Supplied material START
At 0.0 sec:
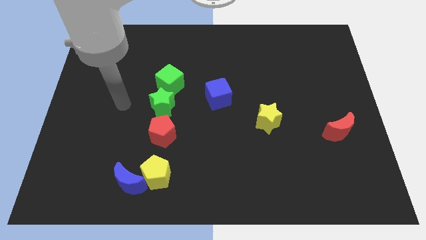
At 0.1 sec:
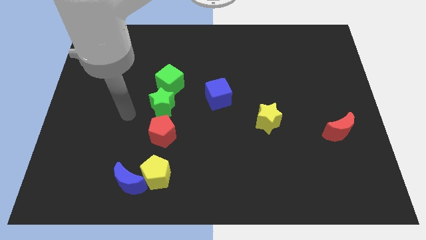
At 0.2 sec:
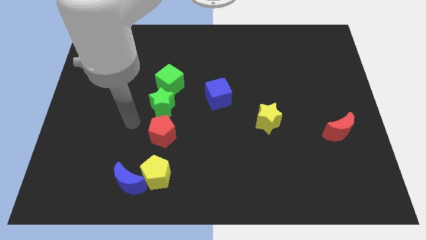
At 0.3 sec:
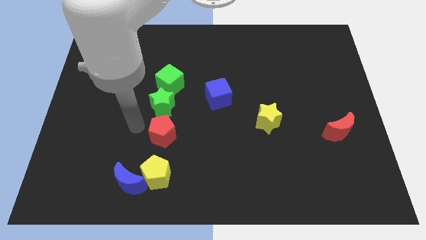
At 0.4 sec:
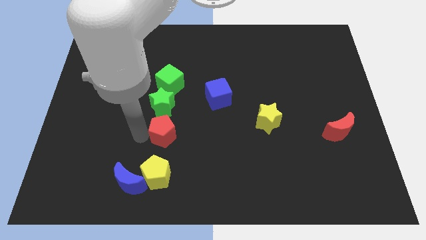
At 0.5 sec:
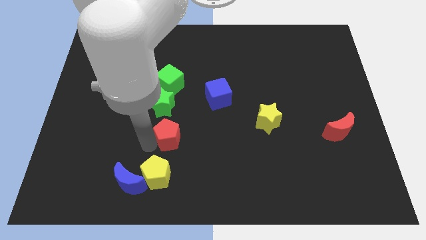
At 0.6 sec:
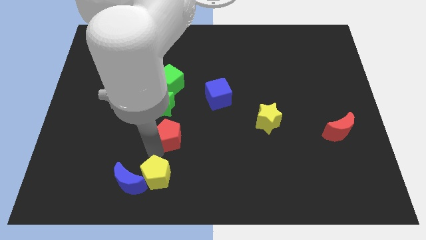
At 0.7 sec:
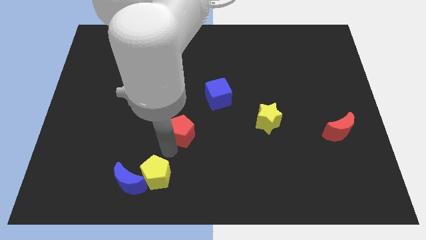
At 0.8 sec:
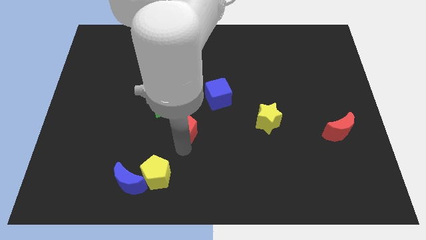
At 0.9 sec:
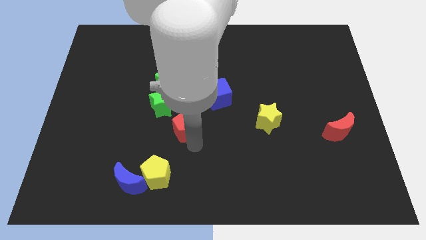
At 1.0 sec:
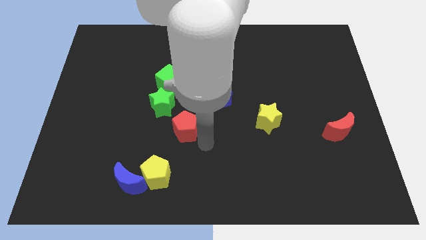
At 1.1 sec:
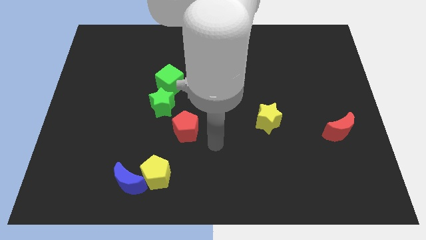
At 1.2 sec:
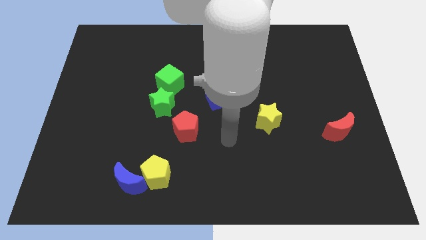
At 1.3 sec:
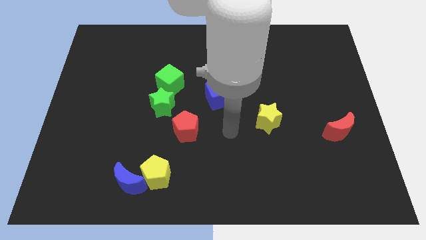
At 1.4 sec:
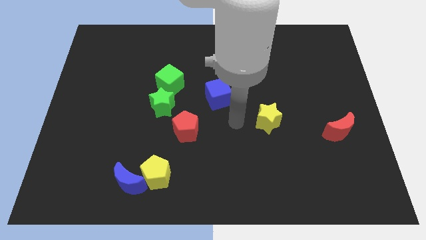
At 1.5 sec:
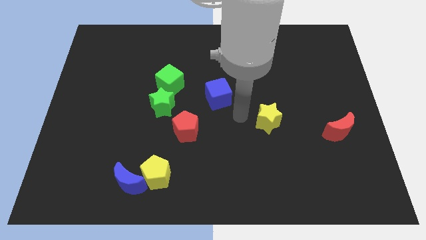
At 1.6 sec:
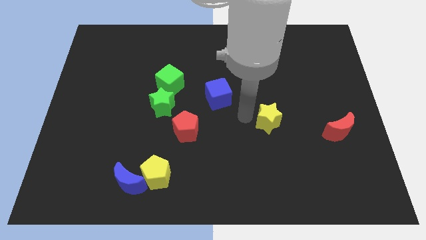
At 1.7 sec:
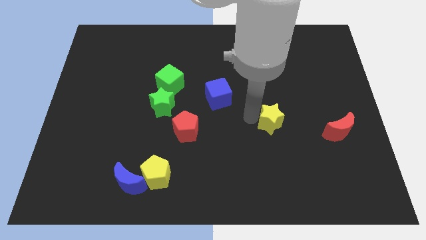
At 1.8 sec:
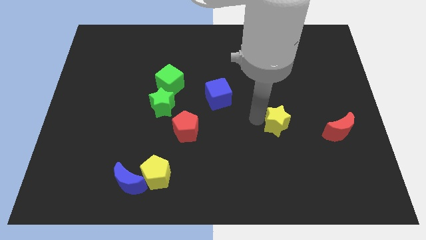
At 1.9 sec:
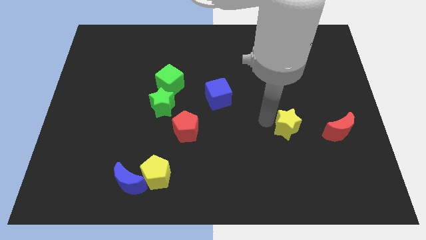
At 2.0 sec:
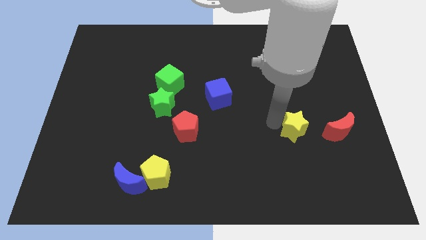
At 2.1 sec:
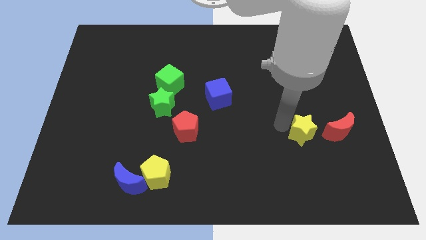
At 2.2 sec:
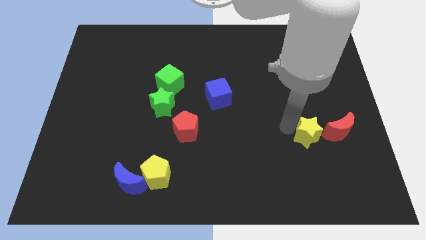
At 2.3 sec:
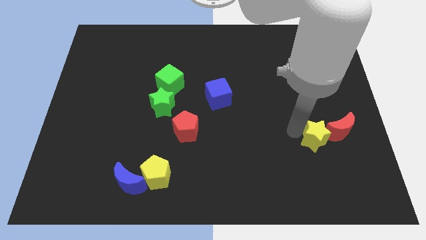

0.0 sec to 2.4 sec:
push the yellow star close to the red moon
Supplied material END
Prompt: Copy the data precisely. Skip every picture.

Solution to this problem:
At 0.0 sec:
At 0.1 sec:
At 0.2 sec:
At 0.3 sec:
At 0.4 sec:
At 0.5 sec:
At 0.6 sec:
At 0.7 sec:
At 0.8 sec:
At 0.9 sec:
At 1.0 sec:
At 1.1 sec:
At 1.2 sec:
At 1.3 sec:
At 1.4 sec:
At 1.5 sec:
At 1.6 sec:
At 1.7 sec:
At 1.8 sec:
At 1.9 sec:
At 2.0 sec:
At 2.1 sec:
At 2.2 sec:
At 2.3 sec:

0.0 sec to 2.4 sec:
push the yellow star close to the red moon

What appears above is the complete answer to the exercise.